Aconselha-se a revisão dos dados pré-preenchidos pela AT, considerando que podem ocorrer falhas técnicas. Não obstante a celeridade que se pretende para quem tem reembolso de imposto, é importante esta revisão, confirmando se todas as deduções estão corretas. De referir que a submissão da declaração é feita exclusivamente “on line” no Portal das Finanças.
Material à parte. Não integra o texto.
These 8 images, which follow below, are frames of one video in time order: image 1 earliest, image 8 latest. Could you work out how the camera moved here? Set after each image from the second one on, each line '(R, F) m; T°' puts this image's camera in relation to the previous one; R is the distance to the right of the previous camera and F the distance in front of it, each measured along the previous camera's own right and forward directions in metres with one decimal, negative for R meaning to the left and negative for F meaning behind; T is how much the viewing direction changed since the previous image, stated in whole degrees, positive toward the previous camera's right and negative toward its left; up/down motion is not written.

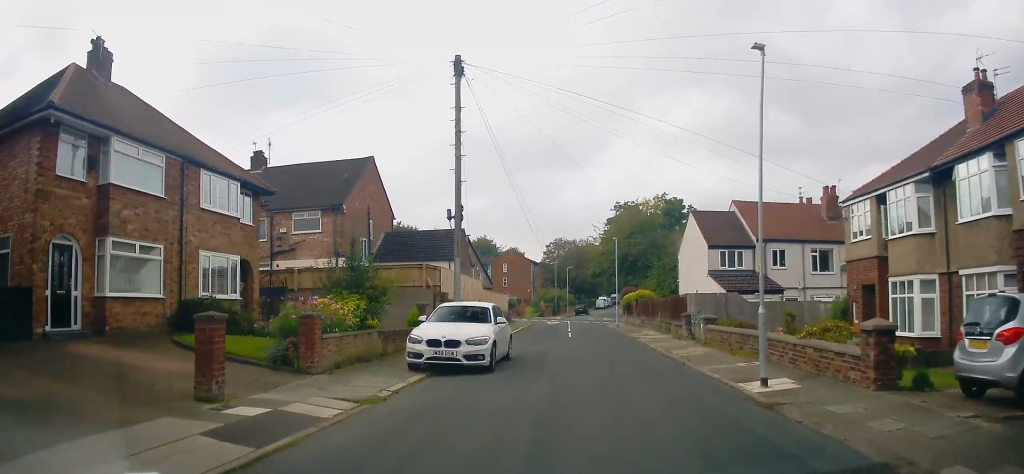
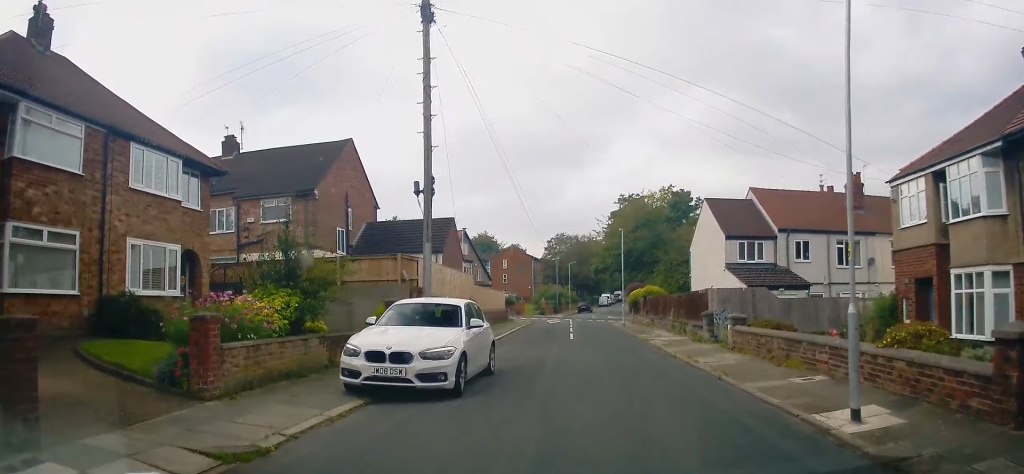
(0.0, +3.5) m; -1°
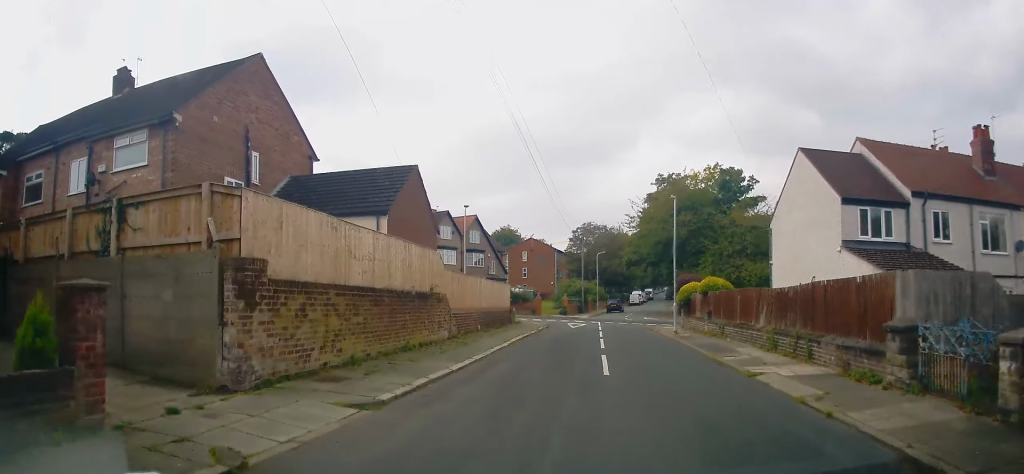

Até 31 de julho a AT envia a denominada nota de liquidação do IRS, com todos os elementos inerentes aos valores finais apurados que conduzirão ao imposto a pagar ou ao valor do reembolso a receber. É de extrema importância compreender todos os elementos que a nota de liquidação contém, Trata-se de um documento devidamente discriminado em diversas vertentes que é passivel de poder ser confrontado com a declaração previamente submetida no Portal das Finanças pelo contribuinte.
Na eventualidade de se estar perante pagamento de imposto o prazo decorre até 31 de Agosto, tal como o recebimento do reembolso, desde que a declaração tenha sido entregue dentro do prazo legal (1 de abril a 30 de junho de 2026).

Face ao exposto poder-se-à concluir que o processo contínuo – calendário fiscal – requer atenção desde o início do ano até ao final do verão, já que a possibilidade de acompanhar toda a tramitação do IRS, cumprindo os respetivos prazos e rever os dados pessoais com cuidado, permite pagar apenas o imposto justo e, fundamentaltemte, maximizer os benefícios fiscais que estão previstos por Lei.
Por fim, alerta-se que é de importancia fundamental verificar que o IBAN disponibilizado à AT na declaração se está atualizado, com vista a um potencial reembolso de imposto.